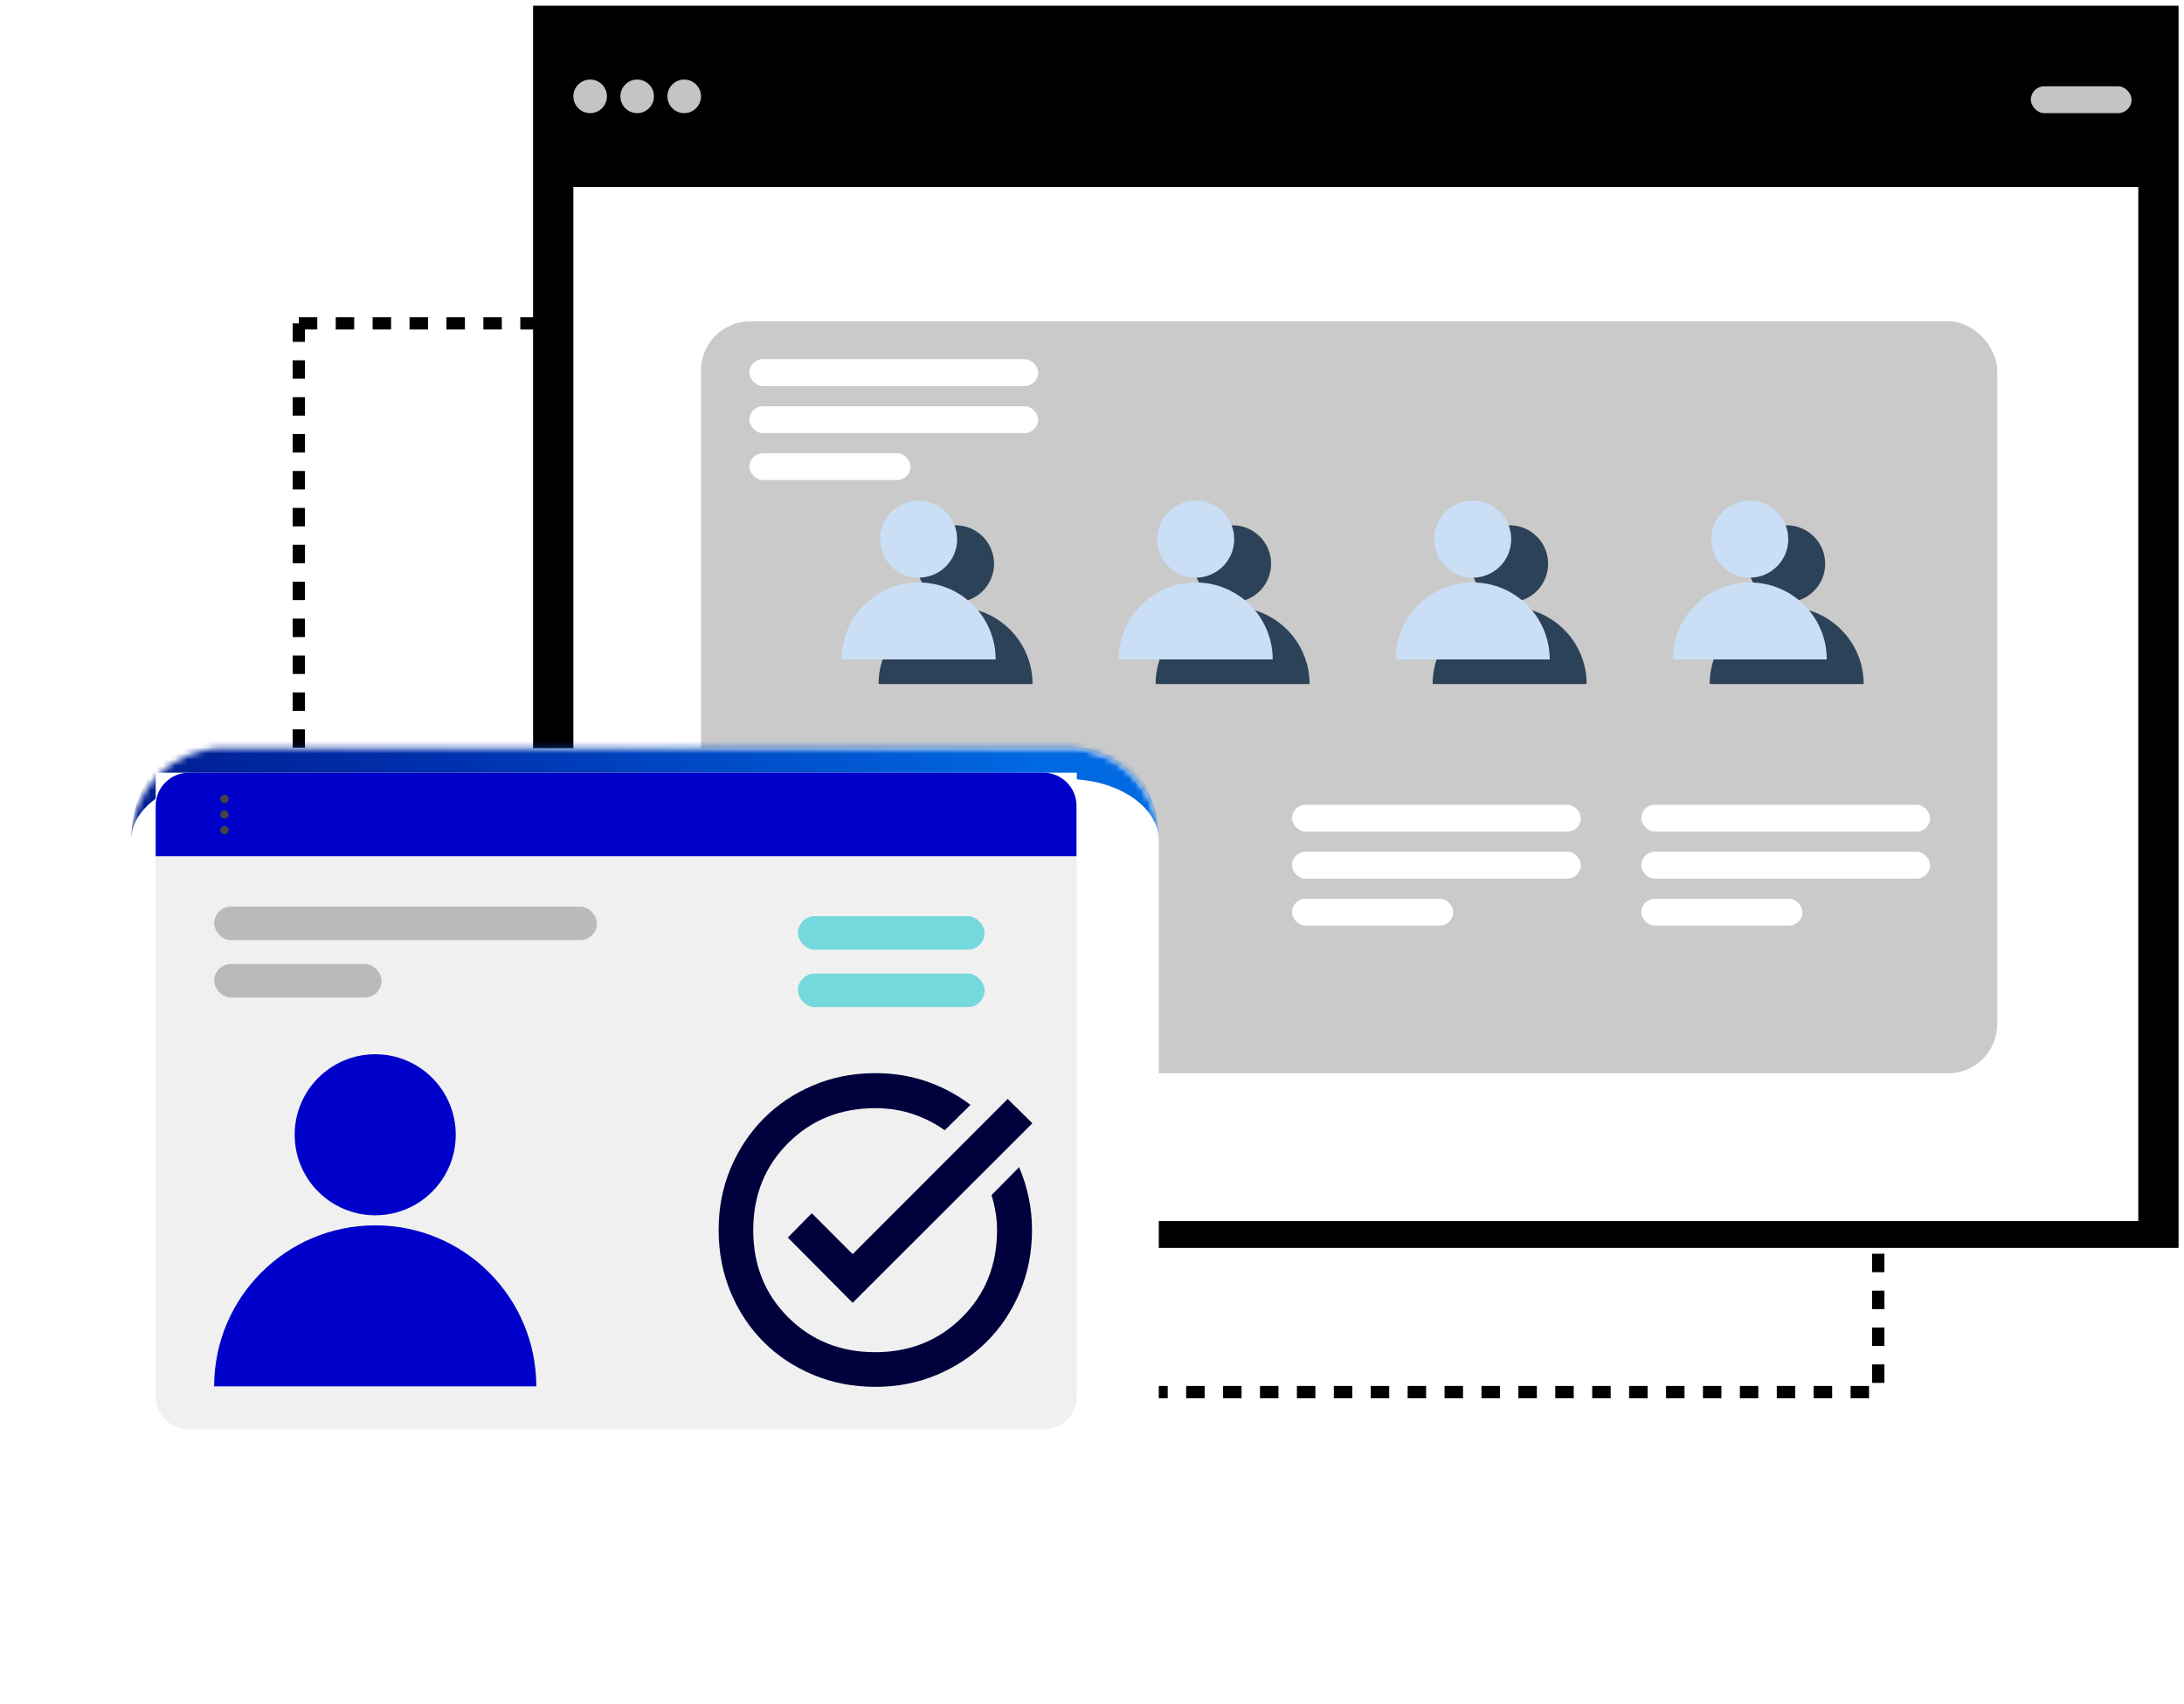 <svg width="355" height="277" viewBox="0 0 355 277" fill="none" xmlns="http://www.w3.org/2000/svg">
<rect x="48.57" y="52.571" width="256.736" height="173.766" stroke="black" stroke-width="2" stroke-linejoin="round" stroke-dasharray="3 3"/>
<rect x="86.648" y="0.926" width="267.47" height="201.967" fill="black"/>
<rect x="93.199" y="30.402" width="254.369" height="168.124" fill="white"/>
<rect x="113.941" y="52.236" width="210.701" height="122.272" rx="8" fill="#CACACA"/>
<circle cx="155.324" cy="91.66" r="6.258" fill="#2C4258"/>
<path d="M155.324 98.699C148.412 98.699 142.809 104.302 142.809 111.214H167.839C167.839 104.302 162.236 98.699 155.324 98.699Z" fill="#2C4258"/>
<circle cx="200.355" cy="91.66" r="6.258" fill="#2C4258"/>
<path d="M200.355 98.699C193.443 98.699 187.84 104.302 187.84 111.214H212.87C212.87 104.302 207.267 98.699 200.355 98.699Z" fill="#2C4258"/>
<circle cx="290.418" cy="91.66" r="6.258" fill="#2C4258"/>
<path d="M290.417 98.699C283.506 98.699 277.902 104.302 277.902 111.214H302.933C302.933 104.302 297.329 98.699 290.417 98.699Z" fill="#2C4258"/>
<circle cx="149.324" cy="87.66" r="6.258" fill="#CADFF5"/>
<path d="M149.324 94.699C142.412 94.699 136.809 100.302 136.809 107.214H161.839C161.839 100.302 156.236 94.699 149.324 94.699Z" fill="#CADFF5"/>
<circle cx="194.355" cy="87.66" r="6.258" fill="#CADFF5"/>
<path d="M194.355 94.699C187.443 94.699 181.84 100.302 181.84 107.214H206.87C206.87 100.302 201.267 94.699 194.355 94.699Z" fill="#CADFF5"/>
<circle cx="245.386" cy="91.66" r="6.258" fill="#2C4258"/>
<path d="M245.386 98.699C238.474 98.699 232.871 104.302 232.871 111.214H257.901C257.901 104.302 252.298 98.699 245.386 98.699Z" fill="#2C4258"/>
<circle cx="239.386" cy="87.66" r="6.258" fill="#CADFF5"/>
<path d="M239.386 94.699C232.474 94.699 226.871 100.302 226.871 107.214H251.901C251.901 100.302 246.298 94.699 239.386 94.699Z" fill="#CADFF5"/>
<circle cx="284.418" cy="87.66" r="6.258" fill="#CADFF5"/>
<path d="M284.417 94.699C277.506 94.699 271.902 100.302 271.902 107.214H296.933C296.933 100.302 291.329 94.699 284.417 94.699Z" fill="#CADFF5"/>
<rect x="330.102" y="14.026" width="16.376" height="4.367" rx="2.183" fill="#C4C4C4"/>
<rect x="210.012" y="130.84" width="46.944" height="4.367" rx="2.183" fill="white"/>
<rect x="121.809" y="58.402" width="46.944" height="4.367" rx="2.183" fill="white"/>
<rect x="266.781" y="130.84" width="46.944" height="4.367" rx="2.183" fill="white"/>
<rect x="210.012" y="138.481" width="46.944" height="4.367" rx="2.183" fill="white"/>
<rect x="121.809" y="66.045" width="46.944" height="4.367" rx="2.183" fill="white"/>
<rect x="266.781" y="138.481" width="46.944" height="4.367" rx="2.183" fill="white"/>
<rect x="210.012" y="146.124" width="26.201" height="4.367" rx="2.183" fill="white"/>
<rect x="121.809" y="73.688" width="26.201" height="4.367" rx="2.183" fill="white"/>
<rect x="266.781" y="146.124" width="26.201" height="4.367" rx="2.183" fill="white"/>
<circle cx="95.928" cy="15.664" r="2.729" fill="#C4C4C4"/>
<circle cx="103.569" cy="15.664" r="2.729" fill="#C4C4C4"/>
<circle cx="111.214" cy="15.664" r="2.729" fill="#C4C4C4"/>
<g filter="url(#filter0_d_1534_51997)">
<mask id="path-34-inside-1_1534_51997" fill="white">
<path d="M16.324 126.646C16.324 118.361 23.04 111.646 31.324 111.646H168.356C176.641 111.646 183.356 118.361 183.356 126.646V230.926C183.356 239.211 176.641 245.926 168.356 245.926H31.324C23.04 245.926 16.324 239.211 16.324 230.926V126.646Z"/>
</mask>
<path d="M16.324 126.646C16.324 118.361 23.04 111.646 31.324 111.646H168.356C176.641 111.646 183.356 118.361 183.356 126.646V230.926C183.356 239.211 176.641 245.926 168.356 245.926H31.324C23.04 245.926 16.324 239.211 16.324 230.926V126.646Z" fill="white"/>
<path d="M16.324 126.646C16.324 115.6 25.279 106.646 36.324 106.646H163.356C174.402 106.646 183.356 115.6 183.356 126.646C183.356 121.123 176.641 116.646 168.356 116.646H31.324C23.04 116.646 16.324 121.123 16.324 126.646ZM183.356 245.926H16.324H183.356ZM16.324 245.926V111.646V245.926ZM183.356 111.646V245.926V111.646Z" fill="url(#paint0_linear_1534_51997)" mask="url(#path-34-inside-1_1534_51997)"/>
</g>
<g clip-path="url(#clip0_1534_51997)">
<rect width="149.721" height="106.801" transform="translate(25.309 125.619)" fill="white"/>
<path d="M25.309 130.995C25.309 128.026 27.731 125.619 30.72 125.619H169.569C172.558 125.619 174.98 128.026 174.98 130.995V139.238H25.309V130.995Z" fill="#0000CB"/>
<path d="M36.49 130.568C36.866 130.568 37.171 130.265 37.171 129.892C37.171 129.518 36.866 129.215 36.49 129.215C36.114 129.215 35.809 129.518 35.809 129.892C35.809 130.265 36.114 130.568 36.49 130.568Z" fill="#444441"/>
<path d="M36.49 135.643C36.866 135.643 37.171 135.34 37.171 134.966C37.171 134.592 36.866 134.289 36.49 134.289C36.114 134.289 35.809 134.592 35.809 134.966C35.809 135.34 36.114 135.643 36.49 135.643Z" fill="#444441"/>
<path d="M36.49 133.105C36.866 133.105 37.171 132.802 37.171 132.429C37.171 132.055 36.866 131.752 36.49 131.752C36.114 131.752 35.809 132.055 35.809 132.429C35.809 132.802 36.114 133.105 36.49 133.105Z" fill="#444441"/>
<path d="M25.309 139.238H175.029V227.044C175.029 230.013 172.606 232.42 169.618 232.42H30.72C27.731 232.42 25.309 230.013 25.309 227.044V139.238Z" fill="#F0F0F0"/>
<circle cx="60.99" cy="184.493" r="13.091" fill="#0000CB"/>
<path d="M60.991 199.22C46.531 199.22 34.809 210.942 34.809 225.402H87.173C87.173 210.942 75.451 199.22 60.991 199.22Z" fill="#0000CB"/>
<path d="M142.309 225.477C138.677 225.477 135.305 224.827 132.192 223.529C129.08 222.23 126.386 220.442 124.111 218.165C121.837 215.888 120.051 213.191 118.754 210.075C117.457 206.958 116.809 203.582 116.809 199.947C116.809 196.391 117.457 193.065 118.754 189.968C120.051 186.872 121.837 184.175 124.111 181.878C126.386 179.581 129.08 177.773 132.192 176.454C135.305 175.136 138.657 174.477 142.249 174.477C145.242 174.477 148.035 174.926 150.629 175.825C153.223 176.724 155.597 177.992 157.752 179.63L153.562 183.766C152.006 182.647 150.28 181.768 148.384 181.129C146.489 180.489 144.444 180.17 142.249 180.17C136.622 180.17 131.913 182.058 128.122 185.833C124.331 189.609 122.435 194.333 122.435 200.007C122.435 205.68 124.331 210.404 128.122 214.18C131.913 217.955 136.622 219.843 142.249 219.843C147.875 219.843 152.584 217.955 156.375 214.18C160.167 210.404 162.062 205.68 162.062 200.007C162.062 199.008 161.982 198.029 161.823 197.07C161.663 196.111 161.444 195.192 161.164 194.313L165.654 189.759C166.332 191.357 166.851 193.005 167.21 194.703C167.569 196.401 167.749 198.149 167.749 199.947C167.749 203.582 167.09 206.958 165.773 210.075C164.456 213.191 162.651 215.888 160.356 218.165C158.062 220.442 155.368 222.23 152.275 223.529C149.182 224.827 145.86 225.477 142.309 225.477ZM138.597 211.813L128.062 201.205L131.953 197.25L138.597 203.902L163.798 178.672L167.809 182.627L138.597 211.813Z" fill="#00003D"/>
<rect x="34.809" y="147.402" width="62.224" height="5.445" rx="2.722" fill="#BABABA"/>
<rect x="34.809" y="156.734" width="27.223" height="5.445" rx="2.722" fill="#BABABA"/>
<rect x="129.703" y="148.958" width="30.334" height="5.445" rx="2.722" fill="#75D8DC"/>
<rect x="129.703" y="158.292" width="30.334" height="5.445" rx="2.722" fill="#75D8DC"/>
</g>
<defs>
<filter id="filter0_d_1534_51997" x="0.324" y="100.646" width="209.031" height="176.281" filterUnits="userSpaceOnUse" color-interpolation-filters="sRGB">
<feFlood flood-opacity="0" result="BackgroundImageFix"/>
<feColorMatrix in="SourceAlpha" type="matrix" values="0 0 0 0 0 0 0 0 0 0 0 0 0 0 0 0 0 0 127 0" result="hardAlpha"/>
<feOffset dx="5" dy="10"/>
<feGaussianBlur stdDeviation="10.5"/>
<feComposite in2="hardAlpha" operator="out"/>
<feColorMatrix type="matrix" values="0 0 0 0 0.7 0 0 0 0 0.7 0 0 0 0 0.7 0 0 0 0.25 0"/>
<feBlend mode="normal" in2="BackgroundImageFix" result="effect1_dropShadow_1534_51997"/>
<feBlend mode="normal" in="SourceGraphic" in2="effect1_dropShadow_1534_51997" result="shape"/>
</filter>
<linearGradient id="paint0_linear_1534_51997" x1="183.338" y1="108.164" x2="-14.077" y2="221.738" gradientUnits="userSpaceOnUse">
<stop offset="0.092" stop-color="#0068E1"/>
<stop offset="0.449" stop-color="#0031AF"/>
<stop offset="0.912" stop-color="#000469"/>
</linearGradient>
<clipPath id="clip0_1534_51997">
<rect width="149.721" height="106.801" fill="white" transform="translate(25.309 125.619)"/>
</clipPath>
</defs>
</svg>
*-*-*
> _WORK INSTRUCTION_: Whenever "black" occurs in a line above, copy that line.

> _EXERCISE SOLUTION_:
<rect x="48.57" y="52.571" width="256.736" height="173.766" stroke="black" stroke-width="2" stroke-linejoin="round" stroke-dasharray="3 3"/>
<rect x="86.648" y="0.926" width="267.47" height="201.967" fill="black"/>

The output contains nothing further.